_Exercise instructions:_
Copy the entries below word for word, but omit any pictures they contain.

_Data records:_
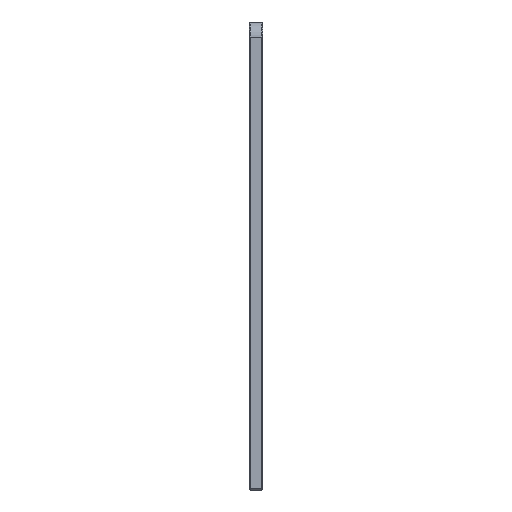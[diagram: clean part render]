
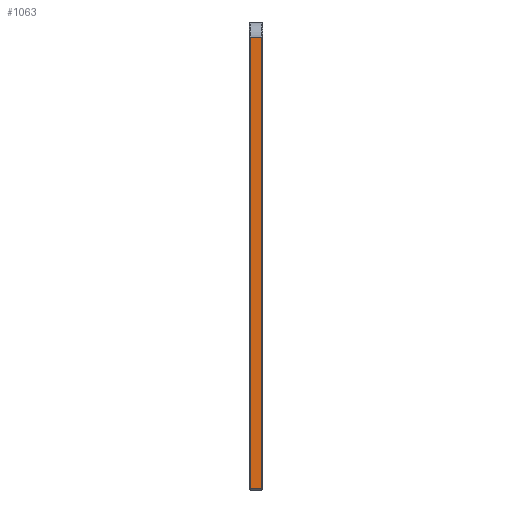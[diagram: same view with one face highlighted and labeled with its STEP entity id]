
A CAD part, left-side view. The second image highlights one B-rep face of the part: STEP entity #1063.
In plain terms, the highlighted planar face has unit normal (-1, 0, 0).
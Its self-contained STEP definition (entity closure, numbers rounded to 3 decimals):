
#444=CARTESIAN_POINT('Vertex',(0.,1.5,532.)) ;
#464=CARTESIAN_POINT('Line Origine',(0.,1.5,0.)) ;
#468=CARTESIAN_POINT('Vertex',(0.,1.5,1.5)) ;
#1014=CARTESIAN_POINT('Line Origine',(0.,0.,532.)) ;
#1018=CARTESIAN_POINT('Vertex',(0.,14.5,532.)) ;
#1040=CARTESIAN_POINT('Axis2P3D Location',(0.,0.,0.)) ;
#1045=CARTESIAN_POINT('Line Origine',(0.,8.,1.5)) ;
#1049=CARTESIAN_POINT('Vertex',(0.,14.5,1.5)) ;
#1052=CARTESIAN_POINT('Line Origine',(0.,14.5,266.75)) ;
#466=VECTOR('Line Direction',#465,1.) ;
#1016=VECTOR('Line Direction',#1015,1.) ;
#1047=VECTOR('Line Direction',#1046,1.) ;
#1054=VECTOR('Line Direction',#1053,1.) ;
#465=DIRECTION('Vector Direction',(0.,0.,-1.)) ;
#1015=DIRECTION('Vector Direction',(0.,-1.,0.)) ;
#1041=DIRECTION('Axis2P3D Direction',(1.,-0.,0.)) ;
#1042=DIRECTION('Axis2P3D XDirection',(0.,0.,-1.)) ;
#1046=DIRECTION('Vector Direction',(0.,-1.,0.)) ;
#1053=DIRECTION('Vector Direction',(0.,0.,-1.)) ;
#1043=AXIS2_PLACEMENT_3D('Plane Axis2P3D',#1040,#1041,#1042) ;
#467=LINE('Line',#464,#466) ;
#1017=LINE('Line',#1014,#1016) ;
#1048=LINE('Line',#1045,#1047) ;
#1055=LINE('Line',#1052,#1054) ;
#1044=PLANE('',#1043) ;
#470=EDGE_CURVE('',#469,#445,#467,.F.) ;
#1020=EDGE_CURVE('',#445,#1019,#1017,.F.) ;
#1051=EDGE_CURVE('',#1050,#469,#1048,.T.) ;
#1056=EDGE_CURVE('',#1019,#1050,#1055,.T.) ;
#1058=ORIENTED_EDGE('',*,*,#1051,.T.) ;
#1059=ORIENTED_EDGE('',*,*,#470,.T.) ;
#1060=ORIENTED_EDGE('',*,*,#1020,.T.) ;
#1061=ORIENTED_EDGE('',*,*,#1056,.T.) ;
#1057=EDGE_LOOP('',(#1058,#1059,#1060,#1061)) ;
#445=VERTEX_POINT('',#444) ;
#469=VERTEX_POINT('',#468) ;
#1019=VERTEX_POINT('',#1018) ;
#1050=VERTEX_POINT('',#1049) ;
#1063=ADVANCED_FACE('Hauptk\X2\00F6\X0\rper',(#1062),#1044,.F.) ;
#1062=FACE_OUTER_BOUND('',#1057,.T.) ;

_Reply to the exercise:_
[diagram: clean part render]
[diagram: same view with one face highlighted and labeled with its STEP entity id]
A CAD part, left-side view. The second image highlights one B-rep face of the part: STEP entity #1063.
In plain terms, the highlighted planar face has unit normal (-1, 0, 0).
Its self-contained STEP definition (entity closure, numbers rounded to 3 decimals):
#444=CARTESIAN_POINT('Vertex',(0.,1.5,532.)) ;
#464=CARTESIAN_POINT('Line Origine',(0.,1.5,0.)) ;
#468=CARTESIAN_POINT('Vertex',(0.,1.5,1.5)) ;
#1014=CARTESIAN_POINT('Line Origine',(0.,0.,532.)) ;
#1018=CARTESIAN_POINT('Vertex',(0.,14.5,532.)) ;
#1040=CARTESIAN_POINT('Axis2P3D Location',(0.,0.,0.)) ;
#1045=CARTESIAN_POINT('Line Origine',(0.,8.,1.5)) ;
#1049=CARTESIAN_POINT('Vertex',(0.,14.5,1.5)) ;
#1052=CARTESIAN_POINT('Line Origine',(0.,14.5,266.75)) ;
#466=VECTOR('Line Direction',#465,1.) ;
#1016=VECTOR('Line Direction',#1015,1.) ;
#1047=VECTOR('Line Direction',#1046,1.) ;
#1054=VECTOR('Line Direction',#1053,1.) ;
#465=DIRECTION('Vector Direction',(0.,0.,-1.)) ;
#1015=DIRECTION('Vector Direction',(0.,-1.,0.)) ;
#1041=DIRECTION('Axis2P3D Direction',(1.,-0.,0.)) ;
#1042=DIRECTION('Axis2P3D XDirection',(0.,0.,-1.)) ;
#1046=DIRECTION('Vector Direction',(0.,-1.,0.)) ;
#1053=DIRECTION('Vector Direction',(0.,0.,-1.)) ;
#1043=AXIS2_PLACEMENT_3D('Plane Axis2P3D',#1040,#1041,#1042) ;
#467=LINE('Line',#464,#466) ;
#1017=LINE('Line',#1014,#1016) ;
#1048=LINE('Line',#1045,#1047) ;
#1055=LINE('Line',#1052,#1054) ;
#1044=PLANE('',#1043) ;
#470=EDGE_CURVE('',#469,#445,#467,.F.) ;
#1020=EDGE_CURVE('',#445,#1019,#1017,.F.) ;
#1051=EDGE_CURVE('',#1050,#469,#1048,.T.) ;
#1056=EDGE_CURVE('',#1019,#1050,#1055,.T.) ;
#1058=ORIENTED_EDGE('',*,*,#1051,.T.) ;
#1059=ORIENTED_EDGE('',*,*,#470,.T.) ;
#1060=ORIENTED_EDGE('',*,*,#1020,.T.) ;
#1061=ORIENTED_EDGE('',*,*,#1056,.T.) ;
#1057=EDGE_LOOP('',(#1058,#1059,#1060,#1061)) ;
#445=VERTEX_POINT('',#444) ;
#469=VERTEX_POINT('',#468) ;
#1019=VERTEX_POINT('',#1018) ;
#1050=VERTEX_POINT('',#1049) ;
#1063=ADVANCED_FACE('Hauptk\X2\00F6\X0\rper',(#1062),#1044,.F.) ;
#1062=FACE_OUTER_BOUND('',#1057,.T.) ;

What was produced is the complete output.